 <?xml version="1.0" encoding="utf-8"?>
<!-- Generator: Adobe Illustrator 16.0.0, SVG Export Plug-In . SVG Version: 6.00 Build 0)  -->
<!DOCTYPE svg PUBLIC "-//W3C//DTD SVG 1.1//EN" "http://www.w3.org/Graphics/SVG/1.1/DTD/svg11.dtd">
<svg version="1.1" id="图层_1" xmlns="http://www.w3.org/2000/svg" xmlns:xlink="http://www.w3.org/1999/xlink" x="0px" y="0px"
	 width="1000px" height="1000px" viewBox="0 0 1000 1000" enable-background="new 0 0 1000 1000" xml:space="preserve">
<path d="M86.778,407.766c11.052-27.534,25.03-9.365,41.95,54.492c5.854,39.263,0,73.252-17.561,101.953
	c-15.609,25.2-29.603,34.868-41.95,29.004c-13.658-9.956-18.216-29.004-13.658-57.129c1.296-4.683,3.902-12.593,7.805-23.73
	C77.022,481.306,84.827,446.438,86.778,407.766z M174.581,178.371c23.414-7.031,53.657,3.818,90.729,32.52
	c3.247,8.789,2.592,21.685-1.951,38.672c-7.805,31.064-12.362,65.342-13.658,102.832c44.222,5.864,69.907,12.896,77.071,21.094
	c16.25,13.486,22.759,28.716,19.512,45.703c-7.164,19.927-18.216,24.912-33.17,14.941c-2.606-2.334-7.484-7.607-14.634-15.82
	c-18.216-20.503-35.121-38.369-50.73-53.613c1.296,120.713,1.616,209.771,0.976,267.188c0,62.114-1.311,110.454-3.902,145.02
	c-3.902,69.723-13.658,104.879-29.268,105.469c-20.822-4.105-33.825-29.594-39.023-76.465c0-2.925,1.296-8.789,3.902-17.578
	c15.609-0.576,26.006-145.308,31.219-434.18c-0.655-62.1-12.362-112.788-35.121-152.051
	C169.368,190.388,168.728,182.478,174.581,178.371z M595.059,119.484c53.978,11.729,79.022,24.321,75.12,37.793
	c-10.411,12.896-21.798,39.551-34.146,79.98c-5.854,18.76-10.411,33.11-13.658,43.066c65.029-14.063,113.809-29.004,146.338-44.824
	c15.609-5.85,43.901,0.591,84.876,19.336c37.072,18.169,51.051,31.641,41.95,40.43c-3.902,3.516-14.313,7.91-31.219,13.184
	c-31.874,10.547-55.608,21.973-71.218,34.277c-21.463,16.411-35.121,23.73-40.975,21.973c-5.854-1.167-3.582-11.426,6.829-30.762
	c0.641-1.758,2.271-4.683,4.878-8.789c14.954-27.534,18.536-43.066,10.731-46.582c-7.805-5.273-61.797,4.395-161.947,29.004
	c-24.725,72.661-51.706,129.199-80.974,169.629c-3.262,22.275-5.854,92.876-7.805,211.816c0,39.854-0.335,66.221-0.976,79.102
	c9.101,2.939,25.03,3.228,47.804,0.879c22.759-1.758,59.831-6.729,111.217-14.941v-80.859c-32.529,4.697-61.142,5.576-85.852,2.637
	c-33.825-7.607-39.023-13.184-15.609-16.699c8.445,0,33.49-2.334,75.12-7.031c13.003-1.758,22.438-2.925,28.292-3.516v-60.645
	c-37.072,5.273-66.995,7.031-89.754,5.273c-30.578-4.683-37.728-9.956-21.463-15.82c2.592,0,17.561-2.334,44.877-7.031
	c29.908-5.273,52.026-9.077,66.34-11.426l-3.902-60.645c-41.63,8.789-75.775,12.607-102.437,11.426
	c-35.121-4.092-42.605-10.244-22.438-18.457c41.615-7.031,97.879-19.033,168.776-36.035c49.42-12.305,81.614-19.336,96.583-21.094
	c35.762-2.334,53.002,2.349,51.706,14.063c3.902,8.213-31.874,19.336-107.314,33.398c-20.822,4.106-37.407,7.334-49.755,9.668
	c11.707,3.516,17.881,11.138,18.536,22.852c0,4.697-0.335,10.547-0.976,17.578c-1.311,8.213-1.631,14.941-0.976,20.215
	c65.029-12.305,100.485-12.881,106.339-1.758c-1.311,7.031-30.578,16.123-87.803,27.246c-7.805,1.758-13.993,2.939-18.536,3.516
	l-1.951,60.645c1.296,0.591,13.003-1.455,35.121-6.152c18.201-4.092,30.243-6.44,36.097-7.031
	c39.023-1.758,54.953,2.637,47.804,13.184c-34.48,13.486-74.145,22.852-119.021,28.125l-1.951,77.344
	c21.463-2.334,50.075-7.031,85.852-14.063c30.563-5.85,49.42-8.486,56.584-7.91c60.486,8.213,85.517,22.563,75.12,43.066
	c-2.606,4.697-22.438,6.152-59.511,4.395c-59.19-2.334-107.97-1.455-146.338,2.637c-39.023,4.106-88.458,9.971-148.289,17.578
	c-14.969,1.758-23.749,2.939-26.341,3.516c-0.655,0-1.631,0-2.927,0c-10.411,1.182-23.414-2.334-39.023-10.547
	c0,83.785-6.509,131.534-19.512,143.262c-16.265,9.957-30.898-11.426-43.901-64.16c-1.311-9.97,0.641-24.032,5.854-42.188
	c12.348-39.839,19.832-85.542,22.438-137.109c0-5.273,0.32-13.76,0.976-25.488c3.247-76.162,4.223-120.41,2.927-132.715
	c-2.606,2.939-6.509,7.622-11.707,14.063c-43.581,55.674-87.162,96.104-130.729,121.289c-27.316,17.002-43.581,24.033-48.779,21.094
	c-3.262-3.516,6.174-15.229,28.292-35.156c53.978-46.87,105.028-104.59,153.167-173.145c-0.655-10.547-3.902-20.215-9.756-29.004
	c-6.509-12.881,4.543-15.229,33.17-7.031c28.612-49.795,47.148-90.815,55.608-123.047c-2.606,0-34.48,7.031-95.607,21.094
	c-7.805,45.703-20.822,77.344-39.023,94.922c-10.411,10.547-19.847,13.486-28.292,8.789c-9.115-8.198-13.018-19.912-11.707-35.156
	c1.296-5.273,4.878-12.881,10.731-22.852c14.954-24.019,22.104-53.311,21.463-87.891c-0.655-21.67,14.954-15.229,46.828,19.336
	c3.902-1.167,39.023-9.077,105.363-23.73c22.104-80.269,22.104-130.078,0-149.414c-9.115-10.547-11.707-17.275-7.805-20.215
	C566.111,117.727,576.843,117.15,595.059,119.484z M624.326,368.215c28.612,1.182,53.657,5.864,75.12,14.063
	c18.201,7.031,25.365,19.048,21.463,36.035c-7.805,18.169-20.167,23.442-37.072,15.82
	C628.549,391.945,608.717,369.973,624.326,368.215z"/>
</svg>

- - - - -

_Task description_.
Pull every line that holds the string "http" out of the records.

_Exercise result_.
<!DOCTYPE svg PUBLIC "-//W3C//DTD SVG 1.1//EN" "http://www.w3.org/Graphics/SVG/1.1/DTD/svg11.dtd">
<svg version="1.1" id="图层_1" xmlns="http://www.w3.org/2000/svg" xmlns:xlink="http://www.w3.org/1999/xlink" x="0px" y="0px"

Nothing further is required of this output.